A lesson in sewers

America’s earliest urban sewers were pretty simple: We piped human waste directly from neighborhoods into rivers.

Stormwater grate.JPG

We changed that in the second half of the 20th century with treatment plants that basically processed human poop into sludge, leaving cleansed water to be piped into rivers.

Despite that, raw sewage occasionally still gets into public waters, due to (a) the way that many older sewer systems were set up and (b) hard rains.

These older systems take in both sewage (which generally comes from toilets)  and stormwater (which generally comes from rain on city streets and other impervious surfaces). These arrangements are called combined sewer systems.

With these disposal methods, when rains fall particularly hard -- as is increasingly occurring -- stormwaters can overwhelm sewage plants to the point where both stormwater and raw sewage wind up going straight into public waters. There’s a term for that. It’s called “combined sewer overflows” -- CSOs for short.

The problem is big enough to justify holding conferences about it. The other day I attended a conference put on by the Massachusetts-based Merrimack River Watershed Council that focused solely on the problem.

CSOs don’t happen everywhere. Some cities have set up ways to send stormwaters directly into rivers, leaving sewer plants to handle waste alone. The photo accompanying this posting, which was taken on the campus of Keene State College in Keene, New Hampshire, indicates a municipal system that has two parts: an arrangement of pipes that sends stormwater directly into a local river and a separate arrangement of pipes that sends waste to the local sewer plant.

That two-part system means that hard rain storms won’t overwhelm Keene’s sewage treatment plant. Enlightened. An added bonus in Keene is the prevalence of rain gardens in public and private places that soak up rainfall , thereby reducing the volume of stormwater that winds up flowing across pavements, into storm grates (picking up contaminants along the way) and then going into the river that flows through Keene.

There are other ways to avoid -- or reduce the frequency of – CSOs, some of them pretty dramatic. Among other cities, Portland, Maine, which in most cases sends both sewage and stormwater to its treatment plant, has taken to building huge stormwater retention tunnels and other underground storage facilities to store stormwater until it can be gradually sent to the city’s wastewater treatment plant and thereby avoid overwhelming it.

Here’s a collection of photos of a such a tunnel in Portland.
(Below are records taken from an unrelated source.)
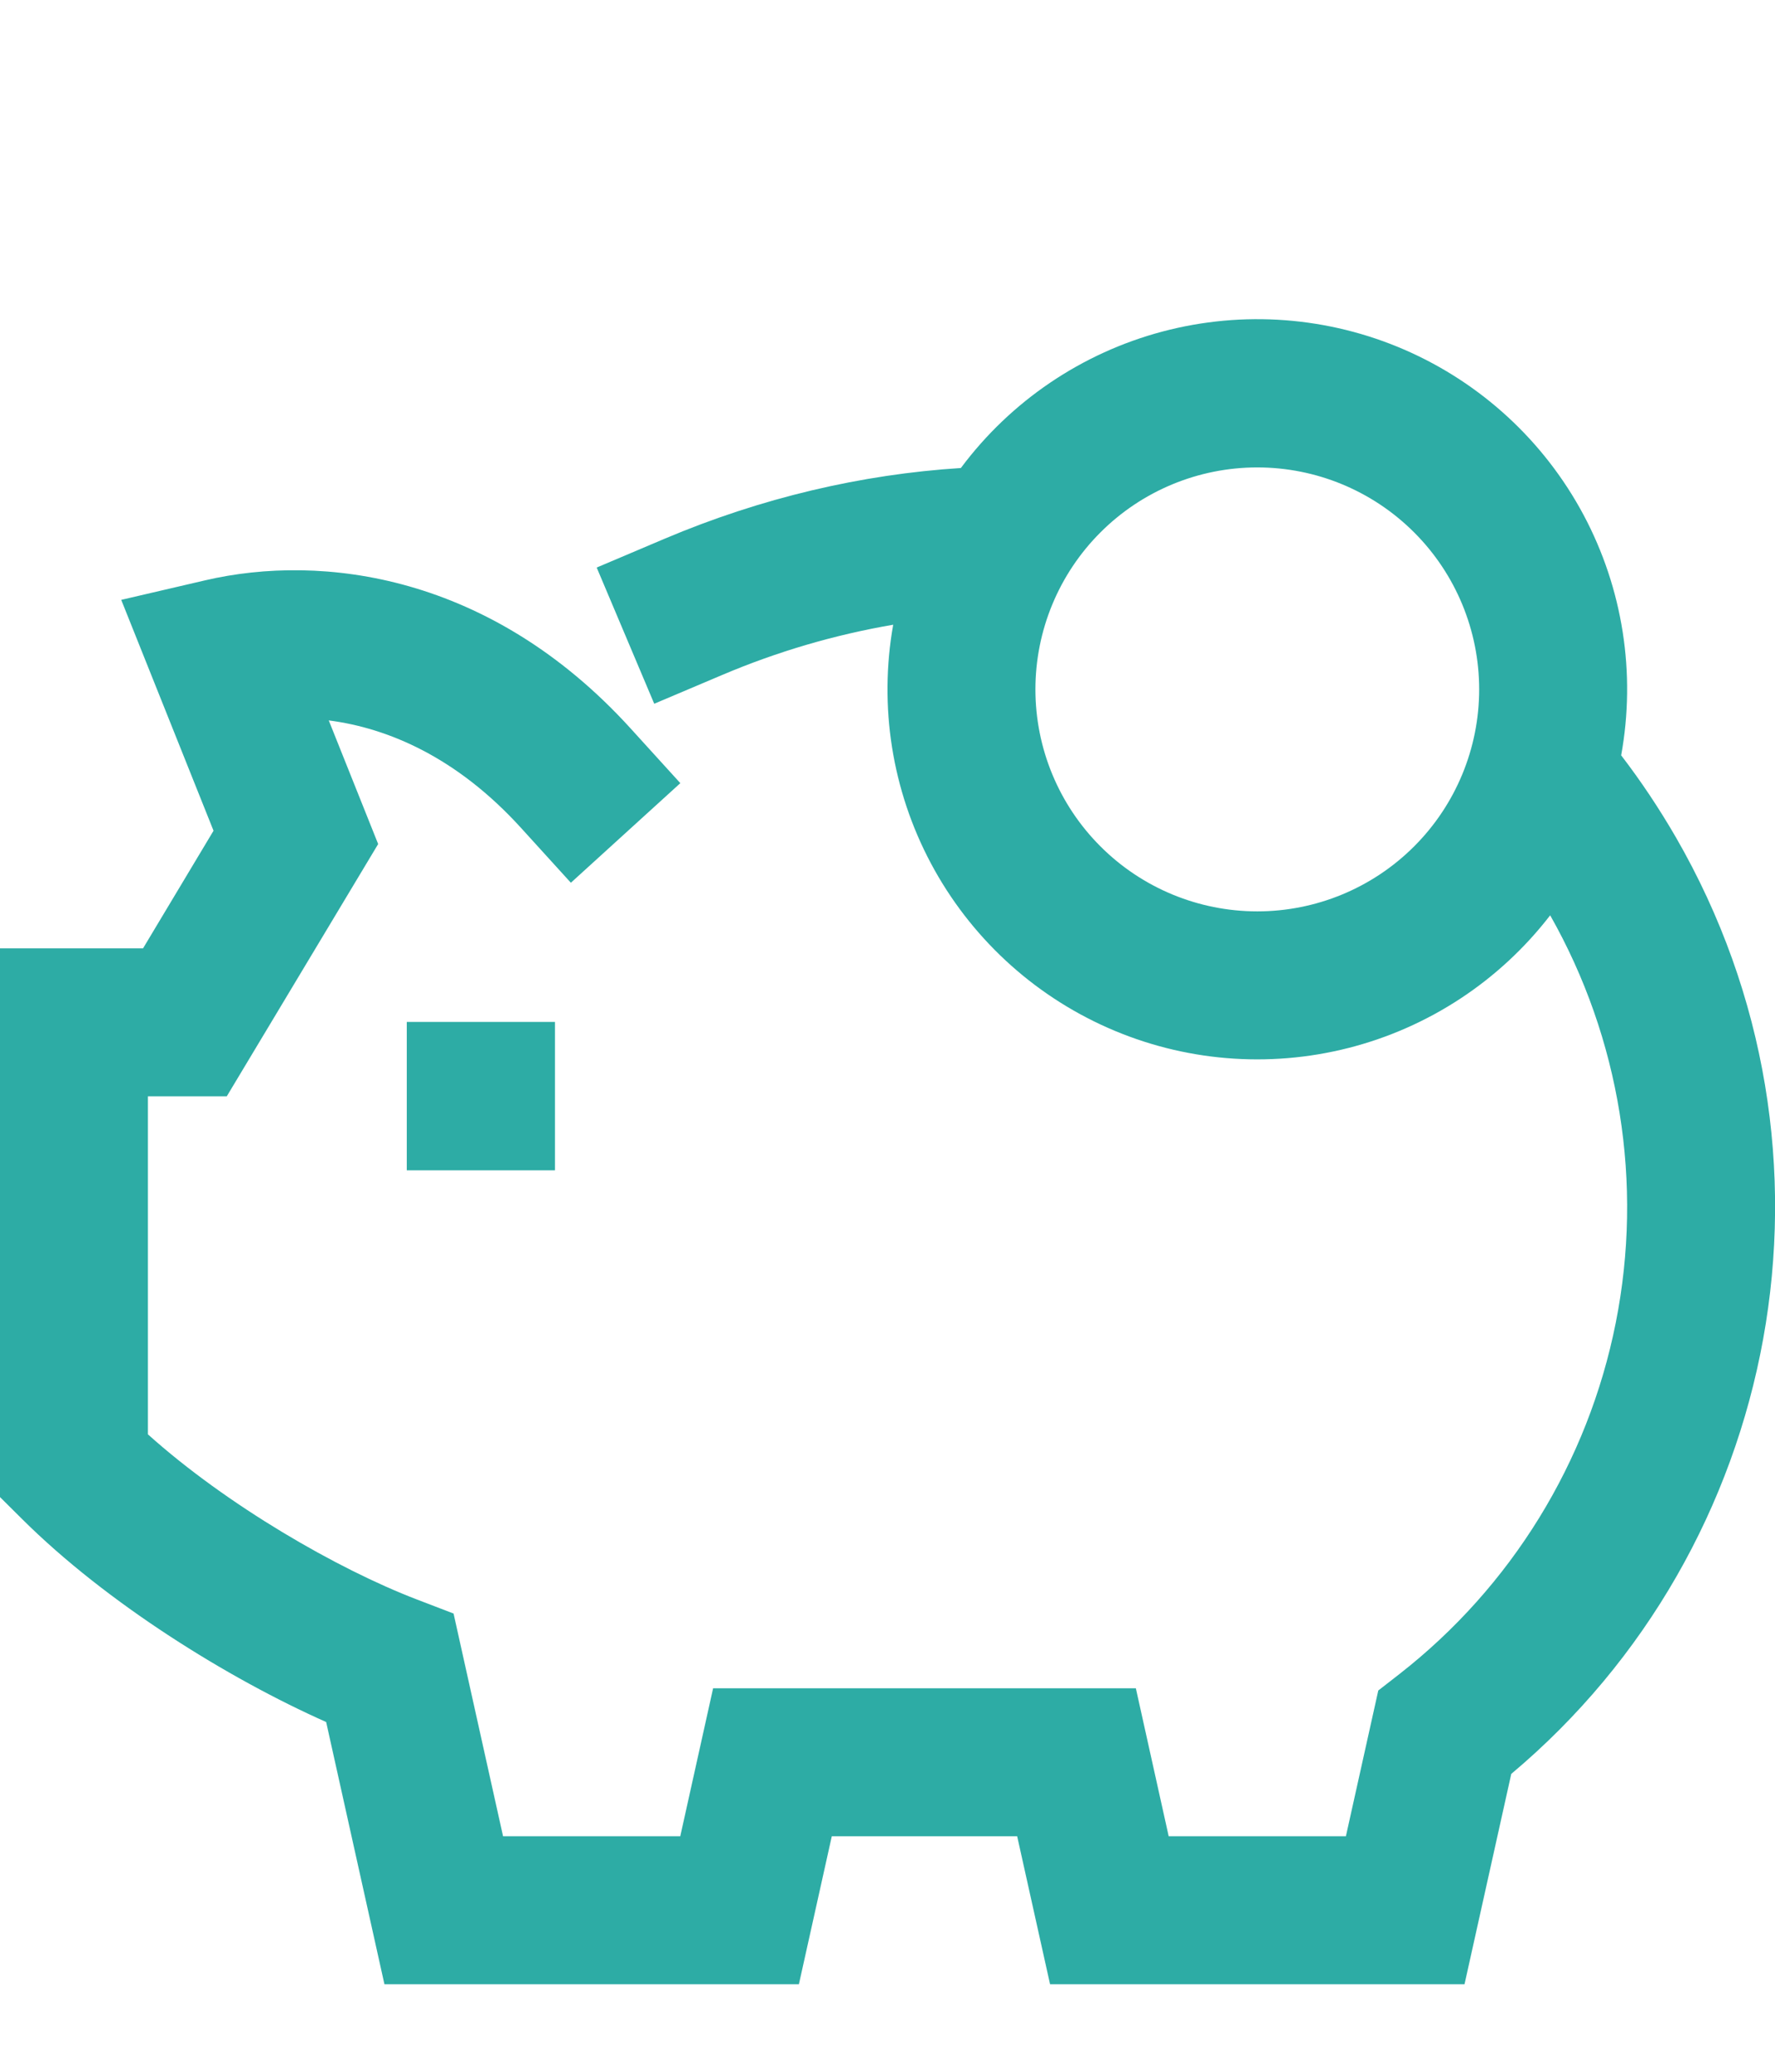 <svg width="60" height="70" viewBox="0 0 60 70" fill="none" xmlns="http://www.w3.org/2000/svg">
<g clip-path="url(#clip0_205_567)">
<path d="M12.995 67.043H27.005L28.117 62.043H34.383L35.495 67.043H49.505L51.085 59.936C60.21 52.283 62.81 38.961 56.65 28.291C56.085 27.316 55.468 26.391 54.8 25.521C55.304 22.747 54.856 19.885 53.529 17.398C52.201 14.911 50.072 12.946 47.487 11.821C44.902 10.697 42.013 10.48 39.288 11.204C36.564 11.929 34.165 13.553 32.48 15.813C29.122 16.026 25.73 16.821 22.47 18.201L20.17 19.176L22.115 23.778L24.418 22.803C26.271 22.017 28.209 21.448 30.192 21.108C29.703 23.863 30.152 26.701 31.467 29.17C32.782 31.639 34.887 33.596 37.446 34.727C40.004 35.858 42.868 36.098 45.579 35.409C48.291 34.72 50.692 33.141 52.4 30.926C54.767 35.101 55.554 39.987 54.617 44.694C53.681 49.401 51.084 53.614 47.3 56.566L46.59 57.118L45.495 62.043H39.505L38.395 57.043H24.105L22.995 62.043H17.005L15.332 54.518L14.08 54.038C11.42 53.018 7.673 50.863 5 48.463V37.043H7.665L12.783 28.518L11.113 24.341C13.127 24.601 15.45 25.593 17.615 27.976L19.297 29.826L22.997 26.461L21.315 24.611C16.582 19.406 10.89 18.686 6.935 19.608L4.098 20.268L7.218 28.068L4.835 32.043H0V50.583L0.738 51.316C3.612 54.176 7.725 56.716 11.025 58.183L12.995 67.043ZM13.75 39.543H18.76V34.528H13.75V39.543ZM42.5 30.793C40.511 30.793 38.603 30.003 37.197 28.596C35.79 27.19 35 25.282 35 23.293C35 21.304 35.79 19.396 37.197 17.99C38.603 16.583 40.511 15.793 42.5 15.793C44.489 15.793 46.397 16.583 47.803 17.99C49.21 19.396 50 21.304 50 23.293C50 25.282 49.21 27.19 47.803 28.596C46.397 30.003 44.489 30.793 42.5 30.793Z" fill="#2DACA5"/>
</g>
<defs>
<clipPath id="clip0_205_567">
<rect width="60.003" height="68.259" fill="white" transform="translate(0 0.784)"/>
</clipPath>
</defs>
</svg>

You can imagine that these tunnels don’t come cheap. For example, Washington DC is planning to spend $2.7 billion on three stormwater storage tunnels to avoid combined sewer overflows.

The enormous cost of such projects has put some communities into a panic. One result: Congresswoman Lori Trahan, whose district includes the Merrimack River area, has asked that the EPA’s budget for the new year include $500 million for federal grants to help out; she’s so focused on the matter that she’s come to be known in the halls of Congress as  “the sewer lady.”

Another result: cities have lobbied the current administration to delay spending on CSO-avoidance schemes, leaving untreated sewage to flow into public waters for years to come as hard rains increasingly hit city streets. According to The New York Times, they’re finding a receptive ear in the Trump administration.

A lesson in all this is that not all problems around fresh water go away entirely; some problems simply change. Where once we intentionally piped raw sewage into rivers, now we’re unintentionally letting that happen when stormwaters run strong. That calls for new solutions, which in time might lead to new problems — and then yet newer solutions — that we can’t imagine today.